[[ EXCERPTED DATA open ]]
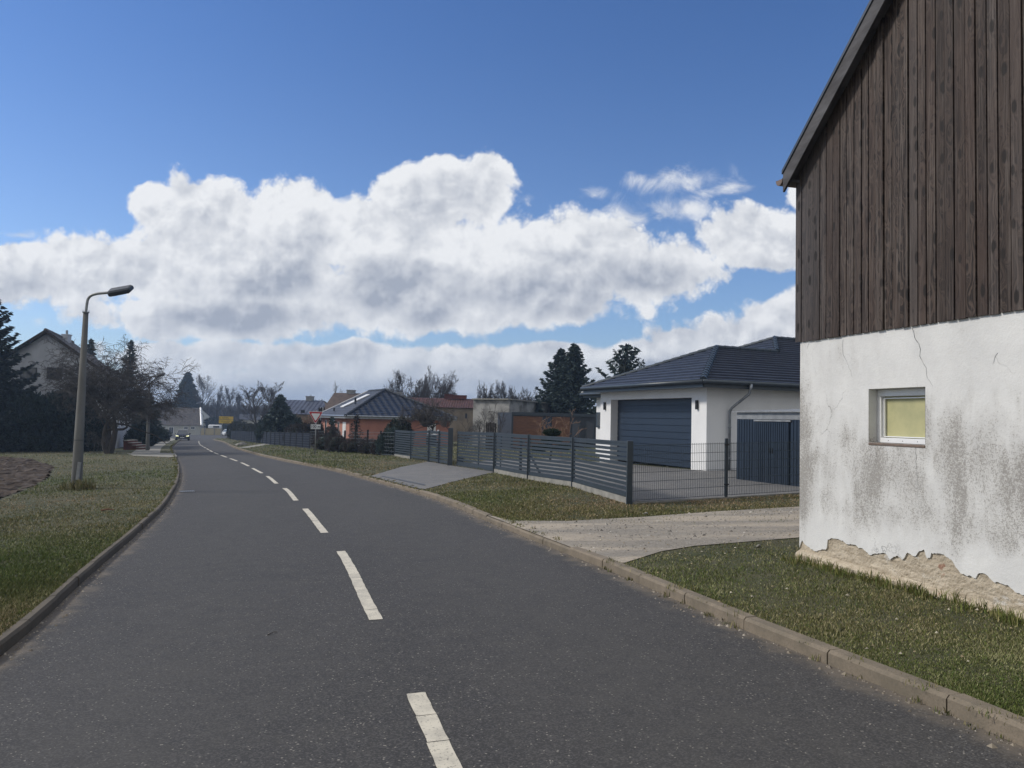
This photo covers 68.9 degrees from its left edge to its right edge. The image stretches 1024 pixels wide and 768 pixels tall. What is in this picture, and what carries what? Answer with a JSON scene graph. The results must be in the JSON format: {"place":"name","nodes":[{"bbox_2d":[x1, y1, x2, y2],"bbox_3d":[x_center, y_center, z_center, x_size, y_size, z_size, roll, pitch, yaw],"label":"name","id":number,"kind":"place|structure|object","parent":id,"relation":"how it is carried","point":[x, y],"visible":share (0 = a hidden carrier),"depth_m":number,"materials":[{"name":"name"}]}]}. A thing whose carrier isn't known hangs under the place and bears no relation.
{"place":"outdoors","nodes":[
{"label":"outdoors","id":0,"kind":"place"},
{"bbox_2d":[0,456,54,497],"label":"ploughed soil","id":1,"kind":"structure","parent":0,"point":[19,473],"depth_m":28.06,"materials":[{"name":"soil"}]},
{"bbox_2d":[0,438,179,636],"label":"verge","id":2,"kind":"structure","parent":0,"point":[165,448],"depth_m":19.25,"materials":[{"name":"plant"}]},
{"bbox_2d":[0,299,42,451],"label":"spruce","id":3,"kind":"object","parent":2,"relation":"on","point":[6,374],"visible":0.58,"depth_m":57.49,"materials":[{"name":"green plant"}]},
{"bbox_2d":[0,381,105,451],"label":"conifer hedge","id":4,"kind":"object","parent":2,"relation":"on","point":[40,423],"visible":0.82,"depth_m":56.39,"materials":[{"name":"plant"}]},
{"bbox_2d":[0,328,132,447],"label":"old house","id":5,"kind":"structure","parent":2,"relation":"on","point":[35,349],"depth_m":64.13,"materials":[{"name":"grey paint"}]},
{"bbox_2d":[20,367,36,378],"bbox_3d":[-41.466,-0.905,64.039,1.405,1.045,0.076,1,-3,0],"label":"window","id":6,"kind":"structure","parent":5,"relation":"in","point":[33,370],"depth_m":64.00,"materials":[{"name":"grey glass"}]},
{"bbox_2d":[46,367,61,378],"bbox_3d":[-39.237,-0.905,64.042,1.335,1.047,0.076,1,-3,0],"label":"window","id":7,"kind":"structure","parent":5,"relation":"in","point":[47,367],"depth_m":64.01,"materials":[{"name":"grey glass"}]},
{"bbox_2d":[58,476,96,490],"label":"grass tufts","id":8,"kind":"object","parent":2,"relation":"on","point":[80,485],"visible":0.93,"depth_m":20.78,"materials":[{"name":"plant"}]},
{"bbox_2d":[85,431,111,453],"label":"sucker shoots","id":9,"kind":"object","parent":2,"relation":"on","point":[102,438],"visible":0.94,"depth_m":50.62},
{"bbox_2d":[71,285,133,482],"bbox_3d":[-11.814,0.144,21.420,1.558,6.074,0.480,1,-3,0],"label":"street lamp","id":10,"kind":"object","parent":2,"relation":"on","point":[77,460],"visible":0.91,"depth_m":21.35,"materials":[{"name":"concrete"}]},
{"bbox_2d":[28,331,203,453],"bbox_3d":[-27.846,0.783,52.041,10.088,8.577,10.421,4,-4,-44],"label":"fruit tree","id":11,"kind":"object","parent":2,"relation":"on","point":[115,404],"visible":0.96,"depth_m":51.19,"materials":[{"name":"brown plant"}]},
{"bbox_2d":[121,340,144,425],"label":"spruce","id":12,"kind":"object","parent":2,"relation":"on","point":[130,352],"visible":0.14,"depth_m":86.07,"materials":[{"name":"green plant"}]},
{"bbox_2d":[123,440,145,449],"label":"entrance steps","id":13,"kind":"structure","parent":2,"relation":"on","point":[132,445],"depth_m":60.21,"materials":[{"name":"red brick"}]},
{"bbox_2d":[123,423,158,445],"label":"entrance shrub","id":14,"kind":"object","parent":2,"relation":"on","point":[135,434],"visible":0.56,"depth_m":67.07,"materials":[{"name":"plant"}]},
{"bbox_2d":[131,393,167,443],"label":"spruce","id":15,"kind":"object","parent":2,"relation":"on","point":[156,427],"visible":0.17,"depth_m":83.81,"materials":[{"name":"green plant"}]},
{"bbox_2d":[157,428,171,441],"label":"round shrub","id":16,"kind":"object","parent":2,"relation":"on","point":[167,437],"visible":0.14,"depth_m":97.65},
{"bbox_2d":[127,453,176,456],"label":"path","id":17,"kind":"structure","parent":0,"point":[156,454],"depth_m":48.50,"materials":[{"name":"concrete"}]},
{"bbox_2d":[132,438,174,452],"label":"sidewalk","id":18,"kind":"structure","parent":0,"point":[155,448],"depth_m":60.63,"materials":[{"name":"concrete"}]},
{"bbox_2d":[145,373,165,449],"bbox_3d":[-28.088,2.241,58.755,1.290,6.330,0.306,1,-3,0],"label":"street lamp","id":19,"kind":"object","parent":18,"relation":"on","point":[147,438],"visible":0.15,"depth_m":58.59,"materials":[{"name":"concrete"}]},
{"bbox_2d":[169,435,226,438],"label":"side road","id":20,"kind":"structure","parent":0,"point":[204,436],"depth_m":161.98,"materials":[{"name":"asphalt"}]},
{"bbox_2d":[225,419,258,438],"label":"clipped hedge","id":21,"kind":"object","parent":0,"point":[240,426],"visible":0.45,"depth_m":117.77,"materials":[{"name":"plant"}]},
{"bbox_2d":[372,462,492,489],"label":"driveway","id":22,"kind":"structure","parent":0,"point":[430,474],"depth_m":26.27,"materials":[{"name":"concrete"}]},
{"bbox_2d":[0,0,869,407],"label":"sky","id":23,"kind":"structure","parent":0,"point":[307,195],"materials":[{"name":"blue"}]},
{"bbox_2d":[217,438,799,523],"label":"grass","id":24,"kind":"structure","parent":0,"point":[635,512],"depth_m":16.95,"materials":[{"name":"plant"}]},
{"bbox_2d":[0,439,1023,767],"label":"road","id":25,"kind":"structure","parent":0,"point":[162,647],"depth_m":5.59,"materials":[{"name":"asphalt"}]},
{"bbox_2d":[175,430,190,440],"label":"suv","id":26,"kind":"object","parent":25,"relation":"on","point":[182,434],"visible":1,"depth_m":109.34,"materials":[{"name":"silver metal"}]},
{"bbox_2d":[198,441,462,767],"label":"road marking","id":27,"kind":"object","parent":25,"relation":"on","point":[443,754],"visible":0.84,"depth_m":4.72,"materials":[{"name":"paint"}]},
{"bbox_2d":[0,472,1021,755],"bbox_3d":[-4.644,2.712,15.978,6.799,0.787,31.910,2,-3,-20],"label":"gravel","id":28,"kind":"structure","parent":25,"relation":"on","point":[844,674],"depth_m":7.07,"materials":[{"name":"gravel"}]},
{"bbox_2d":[599,566,1009,741],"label":"grass tufts","id":29,"kind":"object","parent":25,"relation":"on","point":[664,595],"visible":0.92,"depth_m":5.58,"materials":[{"name":"plant"}]},
{"bbox_2d":[215,438,1023,716],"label":"verge","id":30,"kind":"structure","parent":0,"point":[659,554],"depth_m":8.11,"materials":[{"name":"plant"}]},
{"bbox_2d":[219,416,232,437],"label":"direction sign","id":31,"kind":"object","parent":30,"relation":"on","point":[227,419],"visible":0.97,"depth_m":126.87,"materials":[{"name":"metal"}]},
{"bbox_2d":[236,381,274,422],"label":"bare tree","id":32,"kind":"object","parent":30,"relation":"on","point":[254,410],"visible":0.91,"depth_m":117.49,"materials":[{"name":"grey plant"}]},
{"bbox_2d":[231,430,310,448],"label":"privacy fence","id":33,"kind":"object","parent":30,"relation":"on","point":[302,440],"visible":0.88,"depth_m":71.81,"materials":[{"name":"metal"}]},
{"bbox_2d":[260,381,285,410],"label":"bare tree","id":34,"kind":"object","parent":30,"relation":"on","point":[272,392],"visible":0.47,"depth_m":123.86,"materials":[{"name":"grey plant"}]},
{"bbox_2d":[259,394,295,438],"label":"spruce","id":35,"kind":"object","parent":30,"relation":"on","point":[278,413],"visible":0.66,"depth_m":81.33,"materials":[{"name":"green plant"}]},
{"bbox_2d":[254,408,302,442],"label":"bushy conifer","id":36,"kind":"object","parent":30,"relation":"on","point":[257,431],"visible":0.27,"depth_m":81.99,"materials":[{"name":"plant"}]},
{"bbox_2d":[282,422,323,445],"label":"garden hedge","id":37,"kind":"object","parent":30,"relation":"on","point":[305,427],"visible":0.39,"depth_m":69.37,"materials":[{"name":"plant"}]},
{"bbox_2d":[286,396,326,422],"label":"farmhouse","id":38,"kind":"object","parent":30,"relation":"on","point":[302,408],"visible":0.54,"depth_m":98.86,"materials":[{"name":"tile"}]},
{"bbox_2d":[309,410,322,453],"bbox_3d":[-12.410,3.095,47.107,0.895,2.851,0.106,1,-3,0],"label":"yield sign","id":39,"kind":"object","parent":30,"relation":"on","point":[315,415],"visible":0.98,"depth_m":47.10,"materials":[{"name":"metal"}]},
{"bbox_2d":[311,433,324,449],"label":"leafless bush","id":40,"kind":"object","parent":30,"relation":"on","point":[319,442],"visible":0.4,"depth_m":55.87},
{"bbox_2d":[318,407,324,423],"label":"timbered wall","id":41,"kind":"structure","parent":30,"relation":"on","point":[320,409],"depth_m":83.17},
{"bbox_2d":[321,417,338,445],"bbox_3d":[-13.360,3.786,55.418,1.784,2.778,1.508,2,-3,-20],"label":"young conifer","id":42,"kind":"object","parent":30,"relation":"on","point":[331,419],"visible":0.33,"depth_m":55.33,"materials":[{"name":"green plant"}]},
{"bbox_2d":[323,424,339,450],"bbox_3d":[-12.969,3.863,53.907,1.347,2.104,1.326,1,-3,0],"label":"leafless bush","id":43,"kind":"object","parent":30,"relation":"on","point":[328,432],"visible":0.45,"depth_m":53.66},
{"bbox_2d":[324,433,346,451],"bbox_3d":[-12.069,3.976,51.349,1.711,1.565,1.735,1,-3,0],"label":"leafless bush","id":44,"kind":"object","parent":30,"relation":"on","point":[331,443],"visible":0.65,"depth_m":51.00,"materials":[{"name":"plant"}]},
{"bbox_2d":[325,390,360,409],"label":"farmhouse","id":45,"kind":"object","parent":30,"relation":"on","point":[336,398],"visible":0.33,"depth_m":88.37,"materials":[{"name":"tile"}]},
{"bbox_2d":[335,438,350,451],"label":"leafless bush","id":46,"kind":"object","parent":30,"relation":"on","point":[340,443],"visible":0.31,"depth_m":50.46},
{"bbox_2d":[342,437,361,452],"bbox_3d":[-10.411,4.073,49.389,1.729,1.160,1.792,1,-3,0],"label":"leafless bush","id":47,"kind":"object","parent":30,"relation":"on","point":[352,445],"visible":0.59,"depth_m":48.96,"materials":[{"name":"plant"}]},
{"bbox_2d":[311,430,394,454],"bbox_3d":[-11.515,3.962,51.462,0.177,1.866,20.008,3,-3,-29],"label":"wire fence","id":48,"kind":"object","parent":30,"relation":"on","point":[367,433],"visible":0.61,"depth_m":47.35,"materials":[{"name":"metal"}]},
{"bbox_2d":[348,414,363,438],"bbox_3d":[-10.616,3.447,50.845,1.429,2.847,1.412,1,-3,0],"label":"young conifer","id":49,"kind":"object","parent":30,"relation":"on","point":[356,419],"visible":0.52,"depth_m":50.87,"materials":[{"name":"green plant"}]},
{"bbox_2d":[357,438,375,453],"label":"leafless bush","id":50,"kind":"object","parent":30,"relation":"on","point":[365,447],"visible":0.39,"depth_m":46.93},
{"bbox_2d":[369,440,376,454],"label":"leafless bush","id":51,"kind":"object","parent":30,"relation":"on","point":[373,446],"visible":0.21,"depth_m":45.54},
{"bbox_2d":[320,388,457,445],"bbox_3d":[-11.632,3.190,68.031,10.180,5.616,10.248,3,-3,-28],"label":"bungalow","id":52,"kind":"object","parent":30,"relation":"on","point":[377,410],"visible":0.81,"depth_m":64.78,"materials":[{"name":"grey tile"}]},
{"bbox_2d":[375,426,403,454],"bbox_3d":[-7.450,3.438,45.098,1.636,1.867,2.180,4,-3,-40],"label":"thuja","id":53,"kind":"object","parent":30,"relation":"on","point":[384,447],"visible":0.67,"depth_m":44.50,"materials":[{"name":"plant"}]},
{"bbox_2d":[386,415,414,453],"bbox_3d":[-7.106,3.134,46.468,2.128,2.645,2.859,1,-3,0],"label":"thuja","id":54,"kind":"object","parent":30,"relation":"on","point":[399,426],"visible":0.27,"depth_m":46.51,"materials":[{"name":"plant"}]},
{"bbox_2d":[382,370,425,397],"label":"bare tree","id":55,"kind":"object","parent":30,"relation":"on","point":[400,384],"visible":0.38,"depth_m":104.42,"materials":[{"name":"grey plant"}]},
{"bbox_2d":[404,373,433,397],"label":"bare tree","id":56,"kind":"object","parent":30,"relation":"on","point":[419,384],"visible":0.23,"depth_m":105.72,"materials":[{"name":"grey plant"}]},
{"bbox_2d":[398,395,455,451],"bbox_3d":[-5.274,2.546,47.409,3.744,3.949,3.822,1,-3,0],"label":"weeping tree","id":57,"kind":"object","parent":30,"relation":"on","point":[424,417],"visible":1,"depth_m":46.55,"materials":[{"name":"brown plant"}]},
{"bbox_2d":[397,392,472,441],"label":"farmhouse","id":58,"kind":"object","parent":30,"relation":"on","point":[461,406],"visible":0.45,"depth_m":84.30,"materials":[{"name":"paint"}]},
{"bbox_2d":[428,430,447,463],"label":"garden gate","id":59,"kind":"structure","parent":30,"relation":"on","point":[439,444],"depth_m":34.39,"materials":[{"name":"metal"}]},
{"bbox_2d":[420,366,459,397],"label":"bare tree","id":60,"kind":"object","parent":30,"relation":"on","point":[445,389],"visible":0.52,"depth_m":99.09,"materials":[{"name":"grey plant"}]},
{"bbox_2d":[457,419,476,447],"bbox_3d":[-3.233,3.762,56.053,1.562,2.315,1.999,-1,-4,43],"label":"bare shrub","id":61,"kind":"object","parent":30,"relation":"on","point":[467,431],"visible":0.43,"depth_m":55.83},
{"bbox_2d":[471,407,491,448],"bbox_3d":[-2.063,3.230,53.755,1.809,3.115,3.772,1,-3,0],"label":"bare shrub","id":62,"kind":"object","parent":30,"relation":"on","point":[475,428],"visible":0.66,"depth_m":53.75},
{"bbox_2d":[477,383,497,398],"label":"bare tree","id":63,"kind":"object","parent":30,"relation":"on","point":[484,395],"visible":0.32,"depth_m":111.26,"materials":[{"name":"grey plant"}]},
{"bbox_2d":[485,422,495,448],"bbox_3d":[-1.492,3.696,52.904,0.740,1.968,0.040,1,-3,0],"label":"board fence","id":64,"kind":"object","parent":30,"relation":"on","point":[492,428],"visible":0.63,"depth_m":52.91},
{"bbox_2d":[477,399,508,439],"bbox_3d":[-1.481,2.959,54.599,2.502,3.721,1.815,0,-3,34],"label":"bare shrub","id":65,"kind":"object","parent":30,"relation":"on","point":[491,415],"visible":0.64,"depth_m":54.58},
{"bbox_2d":[495,380,520,398],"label":"bare tree","id":66,"kind":"object","parent":30,"relation":"on","point":[502,394],"visible":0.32,"depth_m":112.17,"materials":[{"name":"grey plant"}]},
{"bbox_2d":[472,398,550,445],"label":"masonry block","id":67,"kind":"structure","parent":30,"relation":"on","point":[509,405],"depth_m":63.44,"materials":[{"name":"concrete"}]},
{"bbox_2d":[394,430,632,504],"bbox_3d":[-1.736,2.755,29.435,0.870,2.015,28.468,2,-3,-19],"label":"slat fence","id":68,"kind":"object","parent":30,"relation":"on","point":[609,492],"visible":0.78,"depth_m":21.15,"materials":[{"name":"metal"}]},
{"bbox_2d":[520,387,535,400],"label":"bare tree","id":69,"kind":"object","parent":30,"relation":"on","point":[528,398],"visible":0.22,"depth_m":108.33,"materials":[{"name":"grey plant"}]},
{"bbox_2d":[534,399,544,412],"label":"spruce","id":70,"kind":"object","parent":30,"relation":"on","point":[539,408],"visible":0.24,"depth_m":69.78,"materials":[{"name":"green plant"}]},
{"bbox_2d":[535,416,553,454],"bbox_3d":[1.767,2.926,41.748,1.417,2.297,2.347,0,-3,23],"label":"bare shrub","id":71,"kind":"object","parent":30,"relation":"on","point":[543,427],"visible":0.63,"depth_m":41.78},
{"bbox_2d":[497,412,595,448],"bbox_3d":[3.274,3.867,58.127,8.453,3.180,3.829,2,-3,-7],"label":"garden cabin","id":72,"kind":"object","parent":30,"relation":"on","point":[523,423],"visible":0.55,"depth_m":56.37,"materials":[{"name":"brown wood"}]},
{"bbox_2d":[542,417,550,443],"bbox_3d":[2.598,3.698,56.218,0.696,2.410,0.025,2,-3,-7],"label":"door","id":73,"kind":"structure","parent":72,"relation":"in","point":[543,418],"depth_m":56.23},
{"bbox_2d":[571,421,580,446],"bbox_3d":[4.832,3.861,56.498,0.696,2.111,0.030,2,-3,-7],"label":"window","id":74,"kind":"structure","parent":72,"relation":"in","point":[575,427],"depth_m":56.49,"materials":[{"name":"grey glass"}]},
{"bbox_2d":[585,421,594,447],"bbox_3d":[5.897,3.892,56.635,0.706,2.111,0.030,2,-3,-7],"label":"window","id":75,"kind":"structure","parent":72,"relation":"in","point":[589,425],"depth_m":56.63,"materials":[{"name":"glass"}]},
{"bbox_2d":[531,427,570,459],"bbox_3d":[1.924,2.937,35.916,2.024,1.715,1.122,1,-3,0],"label":"cloud pine","id":76,"kind":"object","parent":30,"relation":"on","point":[552,432],"visible":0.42,"depth_m":35.68,"materials":[{"name":"green plant"}]},
{"bbox_2d":[534,348,587,412],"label":"spruce","id":77,"kind":"object","parent":30,"relation":"on","point":[559,356],"visible":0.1,"depth_m":75.78,"materials":[{"name":"green plant"}]},
{"bbox_2d":[544,409,585,452],"bbox_3d":[2.849,2.672,40.982,2.422,2.701,1.530,1,-3,0],"label":"bare shrub","id":78,"kind":"object","parent":30,"relation":"on","point":[566,427],"visible":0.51,"depth_m":40.87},
{"bbox_2d":[546,343,595,413],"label":"spruce","id":79,"kind":"object","parent":30,"relation":"on","point":[572,377],"visible":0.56,"depth_m":73.30,"materials":[{"name":"green plant"}]},
{"bbox_2d":[572,343,644,413],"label":"spruce","id":80,"kind":"object","parent":30,"relation":"on","point":[625,364],"visible":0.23,"depth_m":65.94,"materials":[{"name":"green plant"}]},
{"bbox_2d":[303,462,1021,724],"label":"grass tufts","id":81,"kind":"object","parent":30,"relation":"on","point":[929,683],"visible":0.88,"depth_m":7.77,"materials":[{"name":"plant"}]},
{"bbox_2d":[579,336,799,470],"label":"house","id":82,"kind":"structure","parent":30,"relation":"on","point":[698,397],"depth_m":29.62,"materials":[{"name":"white"}]},
{"bbox_2d":[596,412,599,427],"bbox_3d":[5.182,1.982,41.099,0.108,0.850,2.150,2,-3,-22],"label":"window","id":83,"kind":"structure","parent":82,"relation":"in","point":[597,413],"depth_m":41.83,"materials":[{"name":"glass"}]},
{"bbox_2d":[617,398,691,467],"bbox_3d":[5.923,1.959,30.865,0.060,2.680,6.140,2,-3,-22],"label":"garage door","id":84,"kind":"structure","parent":82,"relation":"in","point":[658,422],"depth_m":30.66,"materials":[{"name":"metal"}]},
{"bbox_2d":[776,0,1023,617],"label":"barn","id":85,"kind":"structure","parent":30,"relation":"on","point":[902,171],"depth_m":7.66,"materials":[{"name":"paint"}]},
{"bbox_2d":[877,388,924,444],"bbox_3d":[4.196,0.342,7.927,0.082,0.582,0.772,2,-3,-16],"label":"window","id":86,"kind":"structure","parent":85,"relation":"in","point":[900,412],"depth_m":8.00,"materials":[{"name":"white plastic"}]},
{"bbox_2d":[780,551,1023,626],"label":"grass tufts","id":87,"kind":"object","parent":30,"relation":"on","point":[998,613],"visible":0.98,"depth_m":7.30,"materials":[{"name":"plant"}]},
{"bbox_2d":[463,458,799,501],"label":"yard","id":88,"kind":"structure","parent":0,"point":[652,475],"depth_m":21.35,"materials":[{"name":"concrete"}]},
{"bbox_2d":[447,428,540,472],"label":"sliding gate","id":89,"kind":"structure","parent":88,"relation":"on","point":[460,461],"depth_m":30.14,"materials":[{"name":"metal"}]},
{"bbox_2d":[632,438,799,503],"bbox_3d":[6.226,1.994,17.676,8.206,1.637,0.102,3,-3,-25],"label":"fence","id":90,"kind":"object","parent":88,"relation":"on","point":[726,460],"visible":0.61,"depth_m":17.01,"materials":[{"name":"grey metal"}]},
{"bbox_2d":[732,409,799,486],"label":"garden shed","id":91,"kind":"structure","parent":88,"relation":"on","point":[759,426],"depth_m":21.27,"materials":[{"name":"metal"}]},
{"bbox_2d":[755,422,771,482],"bbox_3d":[7.237,1.971,21.502,0.030,1.750,0.780,2,-3,-15],"label":"door","id":92,"kind":"structure","parent":91,"relation":"in","point":[762,429],"depth_m":21.50,"materials":[{"name":"metal"}]},
{"bbox_2d":[771,422,788,484],"bbox_3d":[7.436,1.940,20.727,0.050,1.750,0.780,2,-3,-15],"label":"door","id":93,"kind":"structure","parent":91,"relation":"in","point":[779,430],"depth_m":20.73,"materials":[{"name":"metal"}]},
{"bbox_2d":[488,507,799,562],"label":"track","id":94,"kind":"structure","parent":0,"point":[576,538],"depth_m":11.84,"materials":[{"name":"gravel"}]},
{"bbox_2d":[461,466,1011,661],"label":"fallen leaves","id":95,"kind":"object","parent":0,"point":[769,580],"depth_m":9.14,"materials":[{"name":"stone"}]},
{"bbox_3d":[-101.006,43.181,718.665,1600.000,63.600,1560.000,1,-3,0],"label":"ground","id":96,"kind":"structure","parent":0,"visible":0},
{"bbox_2d":[0,439,180,655],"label":"kerb","id":97,"kind":"structure","parent":96,"relation":"on","point":[21,628],"depth_m":8.08,"materials":[{"name":"concrete"}]},
{"bbox_2d":[87,339,97,358],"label":"spruce","id":98,"kind":"object","parent":96,"relation":"on","point":[90,348],"visible":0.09,"depth_m":92.06,"materials":[{"name":"green plant"}]},
{"bbox_2d":[156,407,210,434],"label":"house","id":99,"kind":"structure","parent":96,"relation":"on","point":[193,424],"depth_m":208.42,"materials":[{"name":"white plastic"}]},
{"bbox_2d":[172,371,201,407],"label":"spruce","id":100,"kind":"object","parent":96,"relation":"on","point":[187,387],"visible":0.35,"depth_m":226.76,"materials":[{"name":"green plant"}]},
{"bbox_2d":[135,402,265,414],"bbox_3d":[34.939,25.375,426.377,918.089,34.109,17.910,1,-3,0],"label":"woodland","id":101,"kind":"object","parent":96,"relation":"on","point":[225,404],"depth_m":424.21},
{"bbox_2d":[189,374,215,413],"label":"bare tree","id":102,"kind":"object","parent":96,"relation":"on","point":[201,383],"visible":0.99,"depth_m":226.06,"materials":[{"name":"grey plant"}]},
{"bbox_2d":[201,428,221,434],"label":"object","id":103,"kind":"structure","parent":96,"relation":"on","point":[210,431],"depth_m":197.53,"materials":[{"name":"concrete"}]},
{"bbox_2d":[209,384,225,417],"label":"bare tree","id":104,"kind":"object","parent":96,"relation":"on","point":[218,406],"visible":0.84,"depth_m":229.88,"materials":[{"name":"brown plant"}]},
{"bbox_2d":[203,417,237,431],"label":"evergreen thicket","id":105,"kind":"object","parent":96,"relation":"on","point":[213,421],"visible":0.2,"depth_m":211.30,"materials":[{"name":"plant"}]},
{"bbox_2d":[218,386,240,417],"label":"bare tree","id":106,"kind":"object","parent":96,"relation":"on","point":[230,411],"visible":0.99,"depth_m":227.13,"materials":[{"name":"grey plant"}]},
{"bbox_2d":[203,407,268,422],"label":"woodland","id":107,"kind":"object","parent":96,"relation":"on","point":[221,412],"visible":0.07,"depth_m":262.01,"materials":[{"name":"plant"}]},
{"bbox_2d":[231,392,244,420],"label":"bare tree","id":108,"kind":"object","parent":96,"relation":"on","point":[239,405],"visible":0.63,"depth_m":233.38,"materials":[{"name":"brown plant"}]},
{"bbox_2d":[239,414,262,424],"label":"building","id":109,"kind":"structure","parent":96,"relation":"on","point":[246,418],"depth_m":165.56,"materials":[{"name":"grey tile"}]},
{"bbox_2d":[214,438,1023,746],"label":"kerb","id":110,"kind":"structure","parent":96,"relation":"on","point":[954,704],"depth_m":5.76,"materials":[{"name":"concrete"}]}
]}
[[ EXCERPTED DATA closed ]]
● **PROBLEM REQUIREMENTS**:
Search the data above for the string "young" and copy each line that has it.

● **ANSWER TO THIS TASK**:
{"bbox_2d":[321,417,338,445],"bbox_3d":[-13.360,3.786,55.418,1.784,2.778,1.508,2,-3,-20],"label":"young conifer","id":42,"kind":"object","parent":30,"relation":"on","point":[331,419],"visible":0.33,"depth_m":55.33,"materials":[{"name":"green plant"}]},
{"bbox_2d":[348,414,363,438],"bbox_3d":[-10.616,3.447,50.845,1.429,2.847,1.412,1,-3,0],"label":"young conifer","id":49,"kind":"object","parent":30,"relation":"on","point":[356,419],"visible":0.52,"depth_m":50.87,"materials":[{"name":"green plant"}]},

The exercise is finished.